-- Dataset follows --

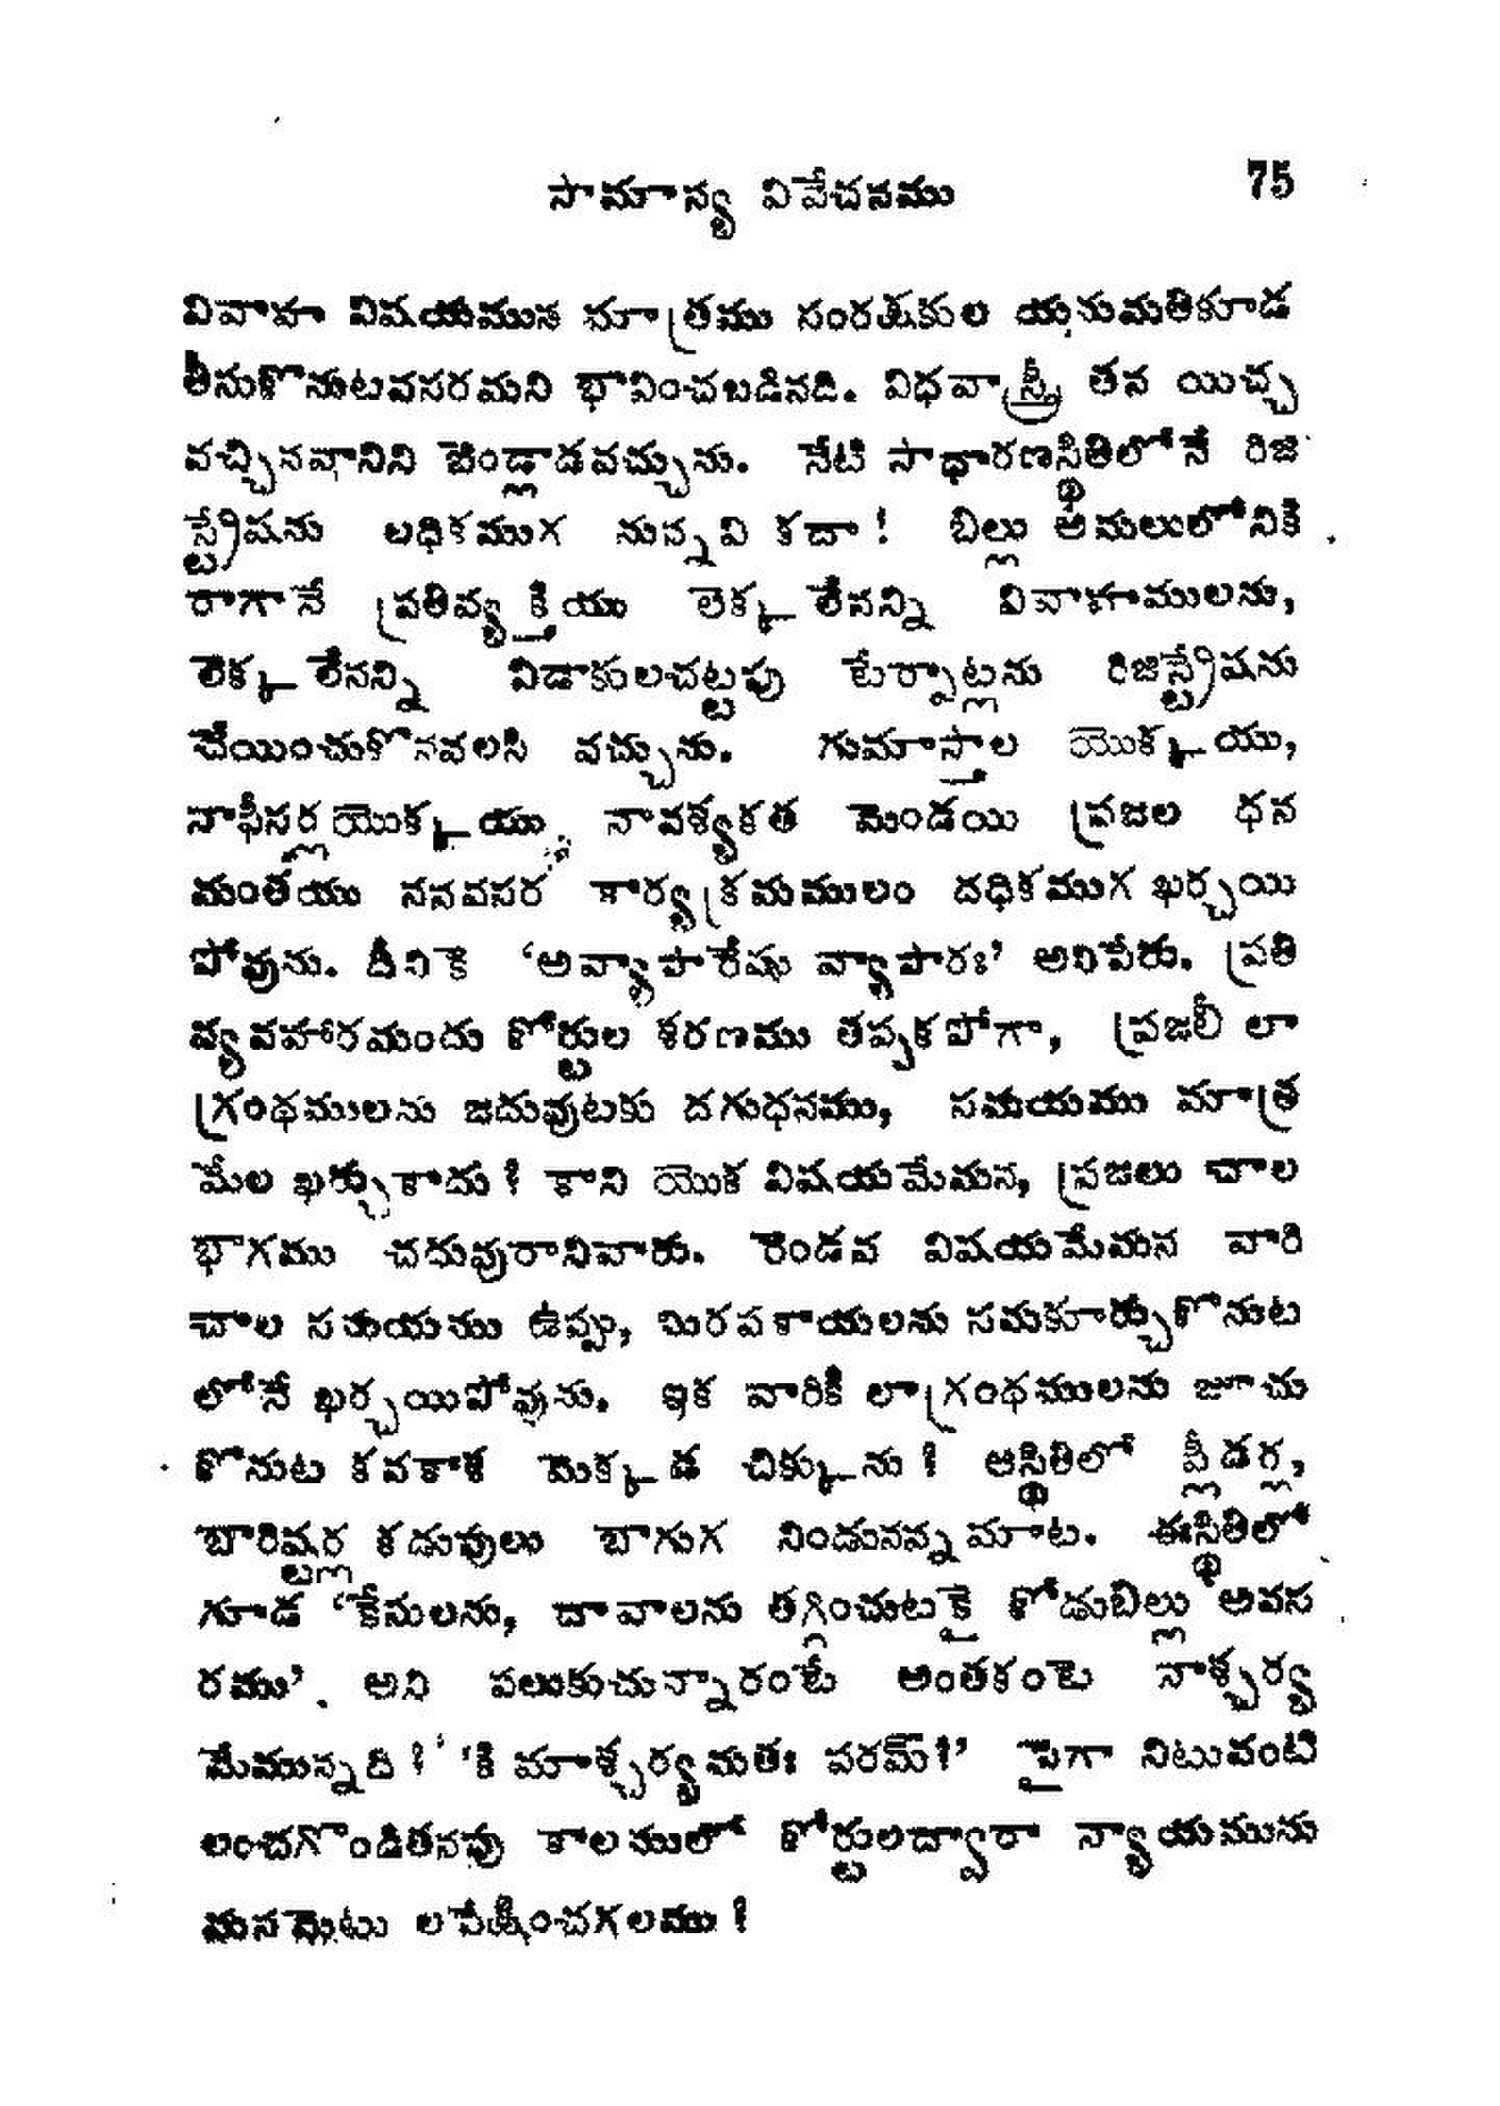వివాహ విషయమున మాత్రము సంరక్షకుల యనుమతి కూడ
తీసుకొనుటవసరమని భావించబడినది. విధవా స్త్రీ తన యిచ్చ
వచ్చినవానిని బెండ్లాడవచ్చును. నేటి సాధారణస్థితిలోనే రిజ
స్ట్రేషను లధికముగ నున్నవి కదా! బిల్లు అమలులోనికి .
రాగానే ప్రతివ్యక్తియా లెక్కలేనన్ని వివాహములను,
లెక్కలేనన్ని విడాకులచట్టపు టేర్పాట్లను రిజిస్ట్రేషను
చేయించుకొనవలసి వచ్చును. గుమాస్తాల యొక్కయు,
నాఫీసర్ల యొక్కయు. నావశ్యకత మెండయి ప్రజల ధన
మంతయు ననవవసర కార్యక్రమములం దధికముగ ఖర్చయి
పోవును. దీనికే 'అవ్యాపారేషు వ్యాపారః' అనిపేరు. ప్రతి
వ్యవహారమందు కోర్టుల శరణము తప్పకపోగా, ప్రజలీ
లా గ్రంథములను జదువుటకు దగుధనము, సమయము మాత్ర
మేల ఖర్చుకాదు ? కాని యొక విషయమేమన, ప్రజలు చాల
భాగము చదువురానివారు. రెండవ విషయమేమన వారి చాల 
సమయము ఉప్పు, మిరపకాయలను సమకూర్చుకొనుట
లోనే ఖర్చయిపోవును. ఇక వారికి లాగ్రంథములను జూచు
కొనుట కవకాశ మెక్కడ చిక్కును? ఆస్థితిలో ప్లీడర్ల, 
బారిష్టర్ల కడుపులు బాగుగ నిండునన్న మాట. ఈస్థితిలో
గూడ "కేసులను, దావాలను తగ్గించుటకై తోడుబిల్లు అవస
రము". అని పలుకుచున్నారంటే అంతకంటే నాశ్చర్య
మేమున్నది ? 'కి మాశ్చర్యమతః పరమ్' పైగా నిటువంటి
లంచగొండితనపు కాలములో కోర్టులద్వారా న్యాయమును 
మనమెటు లపేక్షించగలము ?

-- Dataset concluded --

Action item – Lines from the one containing "వ్యవహారమందు కోర్టుల శరణము తప్పకపోగా, ప్రజలీ" through the last line of the records, both included, are the only ones to print, each exactly as it is.

Solved exercise –
వ్యవహారమందు కోర్టుల శరణము తప్పకపోగా, ప్రజలీ
లా గ్రంథములను జదువుటకు దగుధనము, సమయము మాత్ర
మేల ఖర్చుకాదు ? కాని యొక విషయమేమన, ప్రజలు చాల
భాగము చదువురానివారు. రెండవ విషయమేమన వారి చాల 
సమయము ఉప్పు, మిరపకాయలను సమకూర్చుకొనుట
లోనే ఖర్చయిపోవును. ఇక వారికి లాగ్రంథములను జూచు
కొనుట కవకాశ మెక్కడ చిక్కును? ఆస్థితిలో ప్లీడర్ల, 
బారిష్టర్ల కడుపులు బాగుగ నిండునన్న మాట. ఈస్థితిలో
గూడ "కేసులను, దావాలను తగ్గించుటకై తోడుబిల్లు అవస
రము". అని పలుకుచున్నారంటే అంతకంటే నాశ్చర్య
మేమున్నది ? 'కి మాశ్చర్యమతః పరమ్' పైగా నిటువంటి
లంచగొండితనపు కాలములో కోర్టులద్వారా న్యాయమును 
మనమెటు లపేక్షించగలము ?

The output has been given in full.